In February, Texas Attorney General Ken Paxton filed a lawsuit accusing Dallas officials of failing to adequately fund the city’s police department and violating a voter-approved measure requiring it to hire up to 900 new officers.

“I filed this lawsuit to ensure that the City of Dallas fully funds law enforcement, upholds public safety, and is accountable to its constituents,” Paxton said in a news release demanding that the city adhere to a 2024 change in its charter. “When voters demand more funding for law enforcement, local officials must immediately comply.”

The reason Paxton could pursue such action, the reason the Dallas city charter even requires hiring more officers, was due in large part to a man named Art Martinez de Vara. A private attorney with a law practice based in Houston and a tiny South Texas town called Von Ormy, Martinez de Vara was one of the driving forces behind the changes in the charter that opened Dallas up to such a lawsuit in the first place.

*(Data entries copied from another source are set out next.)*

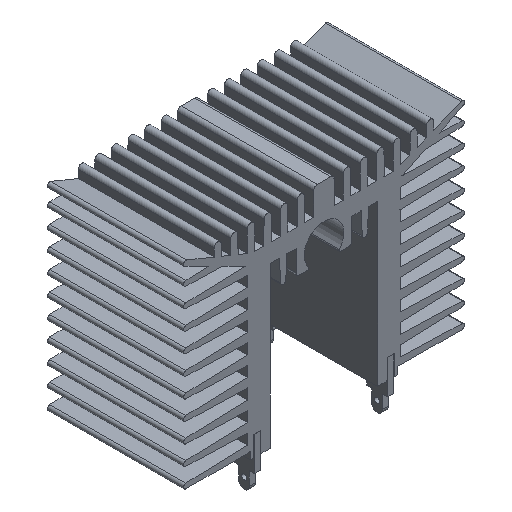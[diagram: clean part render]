
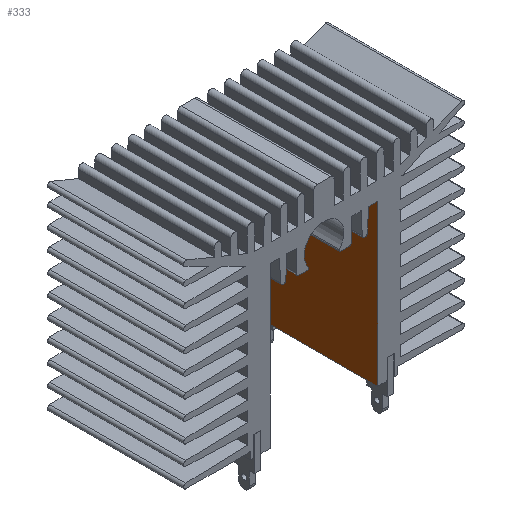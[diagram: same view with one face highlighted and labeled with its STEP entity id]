
A CAD part, isometric view. The second image highlights one B-rep face of the part: STEP entity #333.
In plain terms, the highlighted planar face has unit normal (-1, 0, 0).
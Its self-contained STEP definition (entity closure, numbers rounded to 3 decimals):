
#307 = VERTEX_POINT('',#308);
#308 = CARTESIAN_POINT('',(10.65,13.5,34.6));
#314 = EDGE_CURVE('',#307,#315,#317,.T.);
#315 = VERTEX_POINT('',#316);
#316 = CARTESIAN_POINT('',(10.65,-13.5,34.6));
#317 = LINE('',#318,#319);
#318 = CARTESIAN_POINT('',(10.65,13.5,34.6));
#319 = VECTOR('',#320,1.);
#320 = DIRECTION('',(0.,-1.,0.));
#333 = ADVANCED_FACE('',(#334),#359,.T.);
#334 = FACE_BOUND('',#335,.T.);
#335 = EDGE_LOOP('',(#336,#346,#352,#353));
#336 = ORIENTED_EDGE('',*,*,#337,.T.);
#337 = EDGE_CURVE('',#338,#340,#342,.T.);
#338 = VERTEX_POINT('',#339);
#339 = CARTESIAN_POINT('',(10.65,13.5,2.8));
#340 = VERTEX_POINT('',#341);
#341 = CARTESIAN_POINT('',(10.65,-13.5,2.8));
#342 = LINE('',#343,#344);
#343 = CARTESIAN_POINT('',(10.65,13.5,2.8));
#344 = VECTOR('',#345,1.);
#345 = DIRECTION('',(0.,-1.,0.));
#346 = ORIENTED_EDGE('',*,*,#347,.T.);
#347 = EDGE_CURVE('',#340,#315,#348,.T.);
#348 = LINE('',#349,#350);
#349 = CARTESIAN_POINT('',(10.65,-13.5,2.8));
#350 = VECTOR('',#351,1.);
#351 = DIRECTION('',(0.,0.,1.));
#352 = ORIENTED_EDGE('',*,*,#314,.F.);
#353 = ORIENTED_EDGE('',*,*,#354,.F.);
#354 = EDGE_CURVE('',#338,#307,#355,.T.);
#355 = LINE('',#356,#357);
#356 = CARTESIAN_POINT('',(10.65,13.5,2.8));
#357 = VECTOR('',#358,1.);
#358 = DIRECTION('',(0.,0.,1.));
#359 = PLANE('',#360);
#360 = AXIS2_PLACEMENT_3D('',#361,#362,#363);
#361 = CARTESIAN_POINT('',(10.65,13.5,2.8));
#362 = DIRECTION('',(-1.,0.,0.));
#363 = DIRECTION('',(0.,0.,1.));

Martinez de Vara’s personal website lists him as a state historian, an anthropologist and an attorney, in that order. He’s also the mayor of Von Ormy, a community of 1,100 people. But over the past two decades, Martinez de Vara has been much more than that. He has made a name for himself in Texas conservative circles as the architect behind the formation of a handful of small towns with austere — nearly nonexistent — local governments.

His push for limited-government concepts is not out of the norm in Texas, a state that has long worn that badge with pride. But the so-called “liberty city” experiment, in which communities agree to lean governments, little to no taxation and scant regulation, never grew into a large-scale movement. So in recent years, Martinez de Vara and other limited-government advocates have taken a different tack: They’ve ramped up efforts to restrict local governments’ ability to decide how they spend their money and which policies they can adopt.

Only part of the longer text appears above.